▶ _TASK BRIEF_: Starting at the top line and ending at the bottom one, repeat the entries exactly and drop every picture.

▶ _DATA PROVIDED_:
►

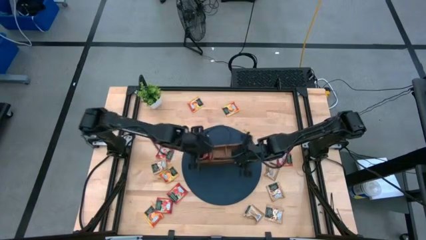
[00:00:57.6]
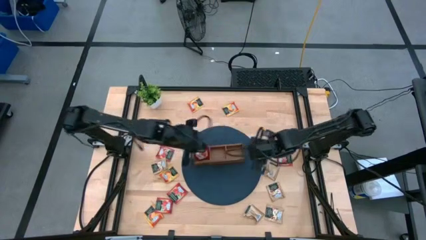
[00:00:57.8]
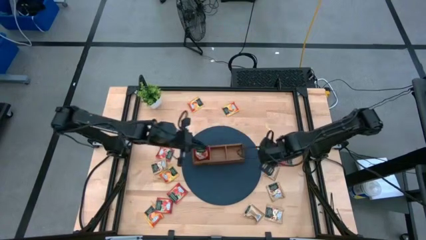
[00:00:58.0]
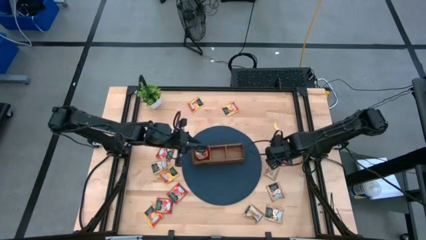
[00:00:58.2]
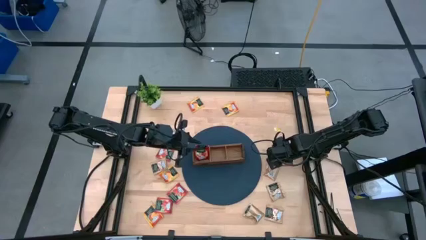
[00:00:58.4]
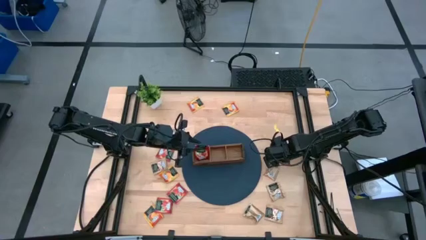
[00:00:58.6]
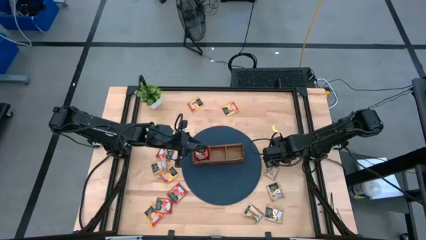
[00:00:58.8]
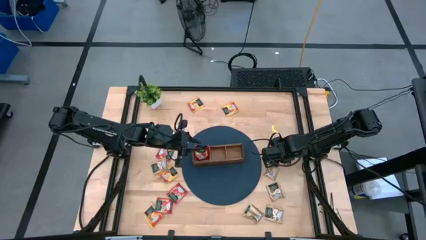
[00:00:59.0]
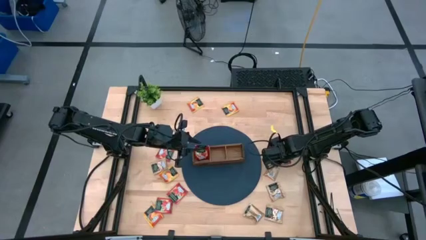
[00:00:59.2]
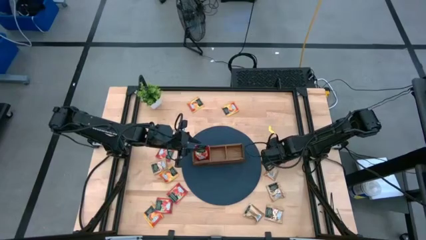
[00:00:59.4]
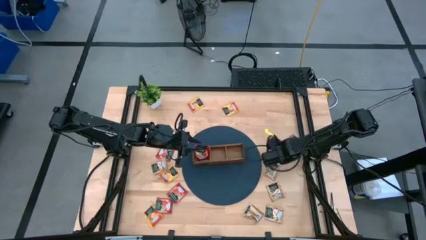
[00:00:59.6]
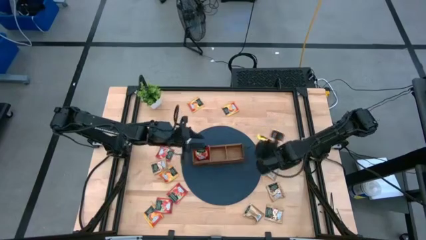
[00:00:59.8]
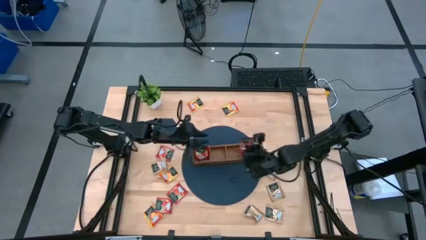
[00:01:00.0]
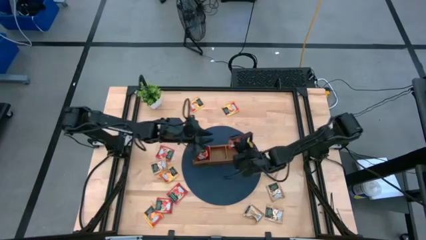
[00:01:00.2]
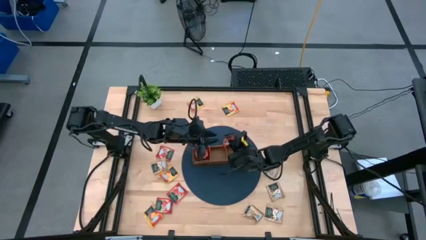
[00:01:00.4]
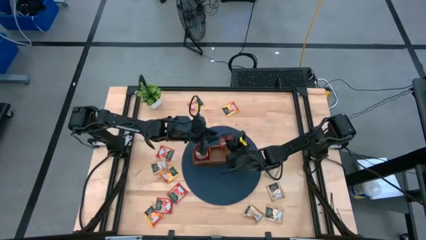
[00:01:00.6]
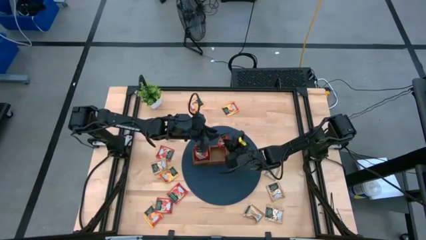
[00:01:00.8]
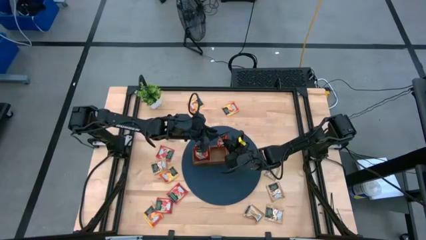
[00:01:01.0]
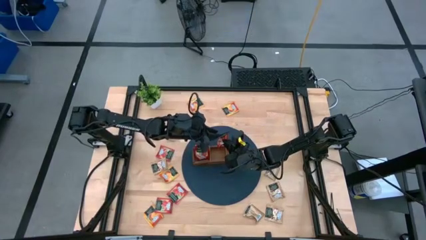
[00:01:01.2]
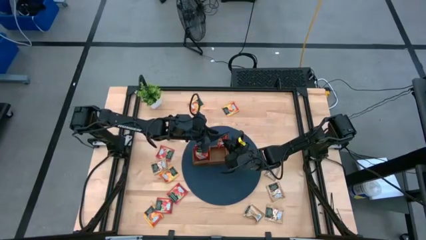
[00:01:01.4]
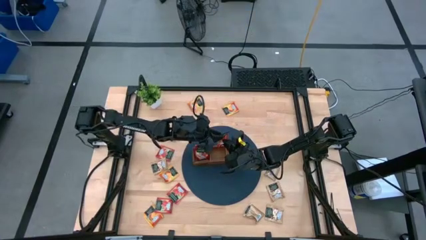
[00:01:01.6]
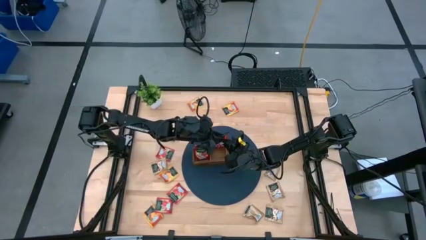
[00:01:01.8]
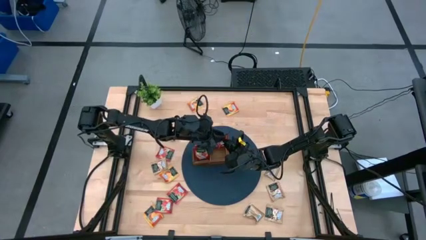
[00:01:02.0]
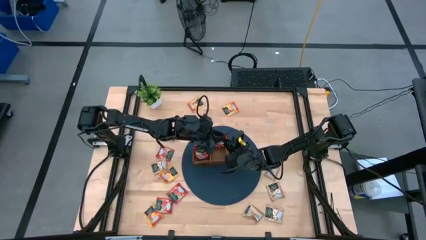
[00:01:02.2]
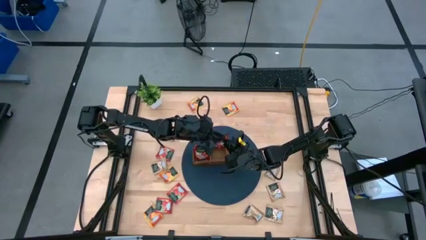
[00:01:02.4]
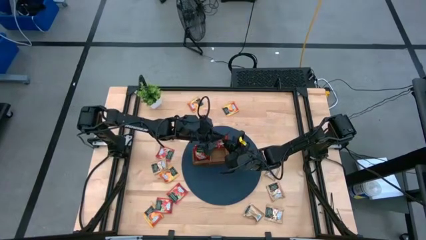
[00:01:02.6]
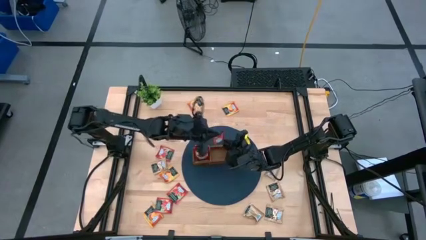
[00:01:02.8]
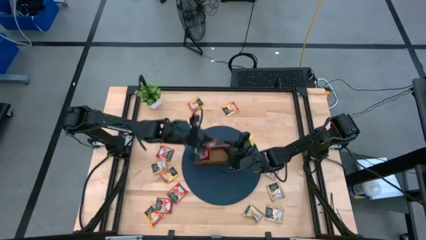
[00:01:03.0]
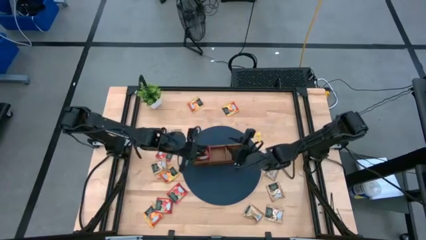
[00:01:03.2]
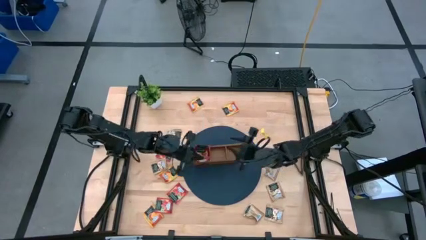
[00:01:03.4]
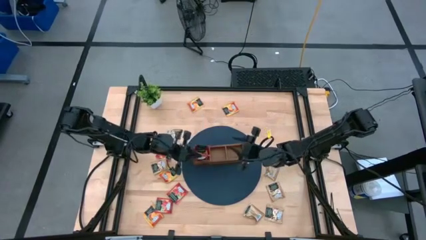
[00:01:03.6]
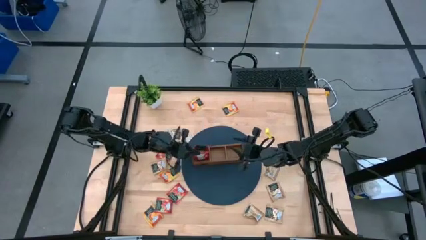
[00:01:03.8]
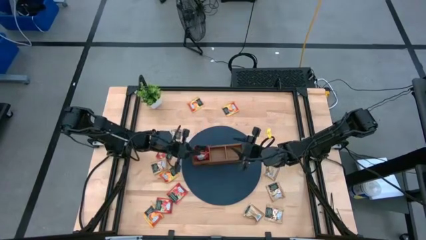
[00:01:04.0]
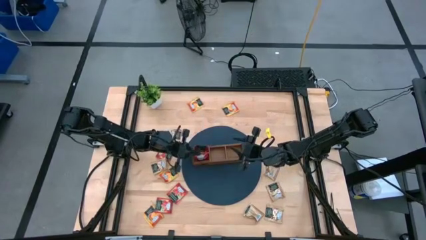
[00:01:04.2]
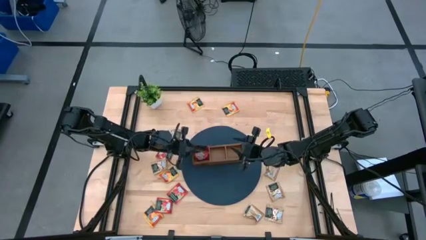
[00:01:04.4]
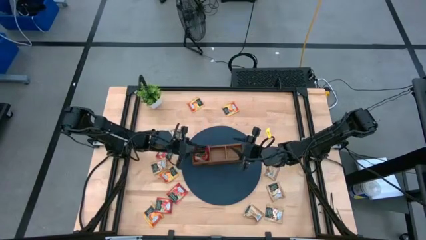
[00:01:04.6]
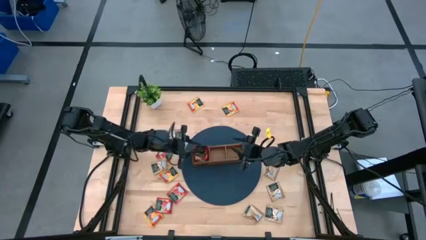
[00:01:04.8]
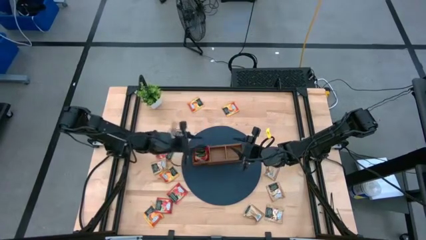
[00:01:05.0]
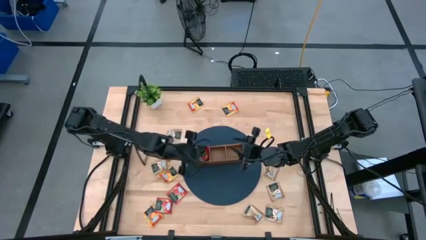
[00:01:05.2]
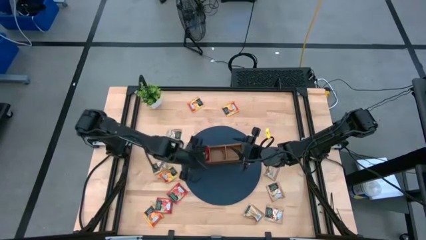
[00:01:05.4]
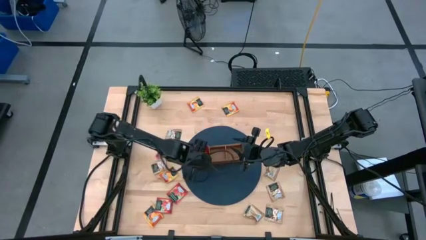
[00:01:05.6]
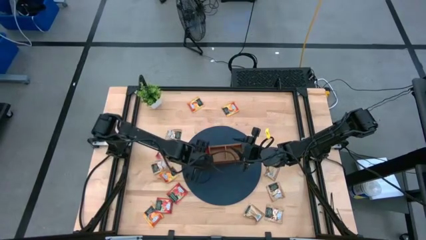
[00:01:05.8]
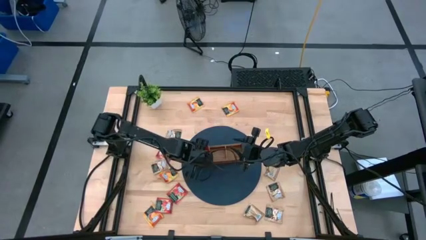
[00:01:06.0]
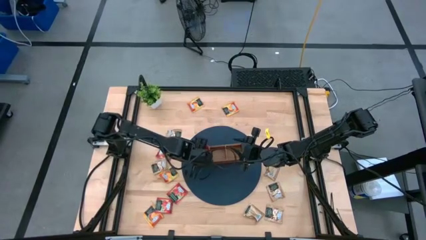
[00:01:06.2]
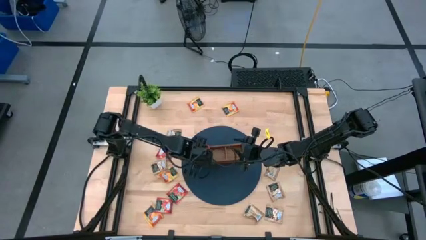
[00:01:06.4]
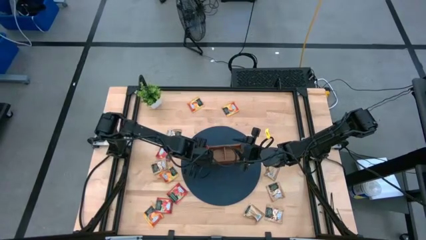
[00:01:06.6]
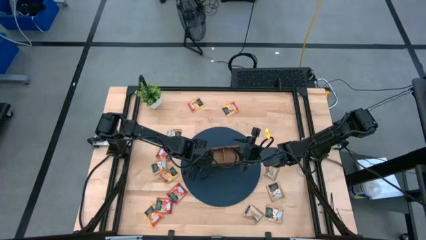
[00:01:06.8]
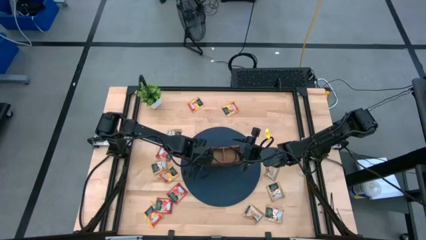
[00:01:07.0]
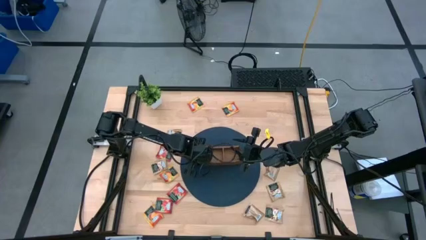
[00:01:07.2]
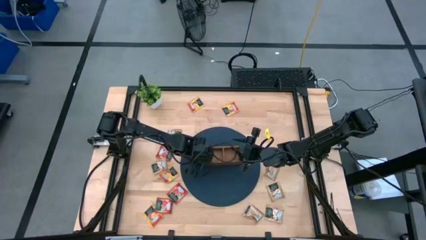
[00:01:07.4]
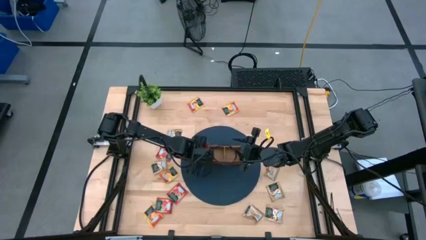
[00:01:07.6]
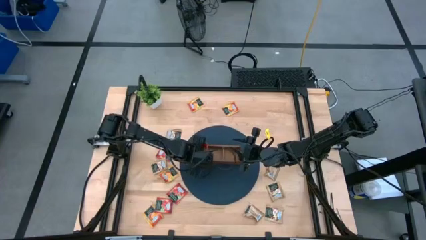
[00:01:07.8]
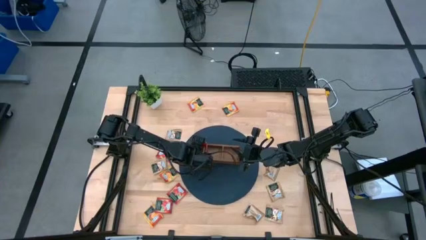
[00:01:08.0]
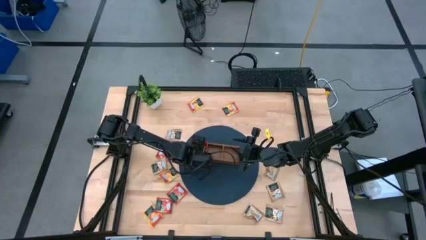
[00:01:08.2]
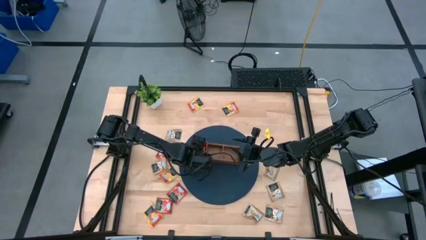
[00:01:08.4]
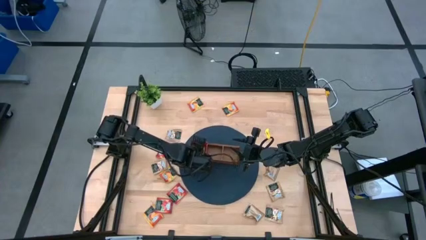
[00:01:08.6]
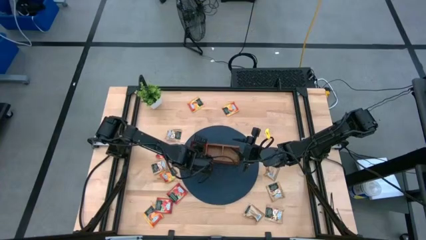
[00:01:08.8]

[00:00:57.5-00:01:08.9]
Task: Pick & Place Tea
Put the red tea bag into the left section of the wooden organizer

◄

▶ _TASK ANSWER_:
[00:00:57.6]
[00:00:57.8]
[00:00:58.0]
[00:00:58.2]
[00:00:58.4]
[00:00:58.6]
[00:00:58.8]
[00:00:59.0]
[00:00:59.2]
[00:00:59.4]
[00:00:59.6]
[00:00:59.8]
[00:01:00.0]
[00:01:00.2]
[00:01:00.4]
[00:01:00.6]
[00:01:00.8]
[00:01:01.0]
[00:01:01.2]
[00:01:01.4]
[00:01:01.6]
[00:01:01.8]
[00:01:02.0]
[00:01:02.2]
[00:01:02.4]
[00:01:02.6]
[00:01:02.8]
[00:01:03.0]
[00:01:03.2]
[00:01:03.4]
[00:01:03.6]
[00:01:03.8]
[00:01:04.0]
[00:01:04.2]
[00:01:04.4]
[00:01:04.6]
[00:01:04.8]
[00:01:05.0]
[00:01:05.2]
[00:01:05.4]
[00:01:05.6]
[00:01:05.8]
[00:01:06.0]
[00:01:06.2]
[00:01:06.4]
[00:01:06.6]
[00:01:06.8]
[00:01:07.0]
[00:01:07.2]
[00:01:07.4]
[00:01:07.6]
[00:01:07.8]
[00:01:08.0]
[00:01:08.2]
[00:01:08.4]
[00:01:08.6]
[00:01:08.8]

[00:00:57.5-00:01:08.9]
Task: Pick & Place Tea
Put the red tea bag into the left section of the wooden organizer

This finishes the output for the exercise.